The `view` object looks like a 500,000-long array of `int64`, and so if it were a new array it would have allocated about 4MB of memory. But it’s just a view into the same original array, so no additional memory is needed.

Technically a tiny bit of memory might be allocated for the view object itself, but that’s negligible unless you have lots of view objects. In this case, no new memory showed up in the RSS (resident memory) measure because Python pre-allocates larger chunks of memory, and then fills those chunks with small Python objects.

## Leaking memory with views

One consequence of using views is that you might leak memory, rather than saving memory.

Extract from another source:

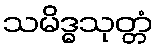
သမိဒ္ဓသုတ္တံ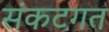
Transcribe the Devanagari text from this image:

This is because views keep the original array from being garbage collected—the whole array.

Let’s say you’ve decided you only need to use a small chunk of a large array:

``````>>> import numpy as np
>>> from psutil import Process
>>> arr = np.arange(0, 100_000_000)
830181376
>>> small_slice = arr[:10]
>>> del arr
830111744
``````

If this were a Python list, deleting the original object would free the memory. In this case, however, even though we don’t have a direct reference to the array, the view still does, which means the memory isn’t freed, even though we’re only interested in a tiny part of it.

You can actually access the original array via the `view`:

``````>>> small_slice
array([0, 1, 2, 3, 4, 5, 6, 7, 8, 9])
>>> small_slice.base
array([0, 1, 2, ..., 99999997, 99999998, 99999999])
``````

As a result, only once we delete all views does the original array’s memory get freed:

``````>>> del small_slice
29642752
``````

Note: Whether or not any particular tool or technique will help depends on where the actual memory bottlenecks are in your software.

Need to identify the memory and performance bottlenecks in your own Python data processing code? Try the Sciagraph profiler, with support for profiling both in development and production macOS and Linux, and with built-in Jupyter support.

## Unexpected mutation

Another consequence of views is that modifying a view will change the original array. Recall that for Python lists, modifying a sliced result doesn’t modify the original list, because the new object is a copy:

``````>>> l = [1, 2, 3]
>>> l2 = l[:]
>>> l2[0] = 17
>>> l2
[17, 2, 3]
>>> l
[1, 2, 3]
``````

With NumPy views, mutating the view does mutate the original object, they’re both pointing at the same memory:

``````>>> arr = np.array([1, 2, 3])
>>> view = arr[:]
>>> view[0] = 17
>>> view
array([17,  2,  3])
>>> arr
array([17,  2,  3])
``````

This result might not be what you wanted!

Unexpected mutation is made more likely by the fact that some NumPy APIs may return either views or copies, depending on circumstances. For example, some slicing results might not be views:

``````>>> arr = np.array([1, 2, 3])
>>> arr2 = arr[:]
>>> arr2.base is arr
True
>>> arr3 = arr[[True, False, True]]
>>> arr3.base is arr
False
``````

Mutating `arr2` would mutate `arr` as well, but mutating `arr3` would not mutate `arr`.

## Explicit copying with `copy()`

When you don’t want to refer to the original memory, explicit copying allows you to create a new array. This can be useful to prevent mutation, and also in the case where you don’t want to keep the original array around in memory:

``````>>> arr = np.arange(0, 100_000_000)
829464576
>>> small_slice = arr[:10].copy()
>>> del arr
29700096
>>> print(small_slice.base)
None
``````

In this case deleting `arr` freed up the memory, because `small_slice` is a copy, not a view.

## Takeaways: using views efficiently and safely

Given views are returned automatically by various NumPy APIs, you need to think of them as you write your code:

1. Pay attention in the documentation whether an API will return views, copies, or both.
2. If you have a large array you want to clear from memory, ensure that not only are there no direct references to it, but also there are no views referring to it.
3. If you are going to mutate an array, ensure it won’t accidentally mutate some other array due to actually being a view.
4. If you don’t want a view, use the `copy()` method.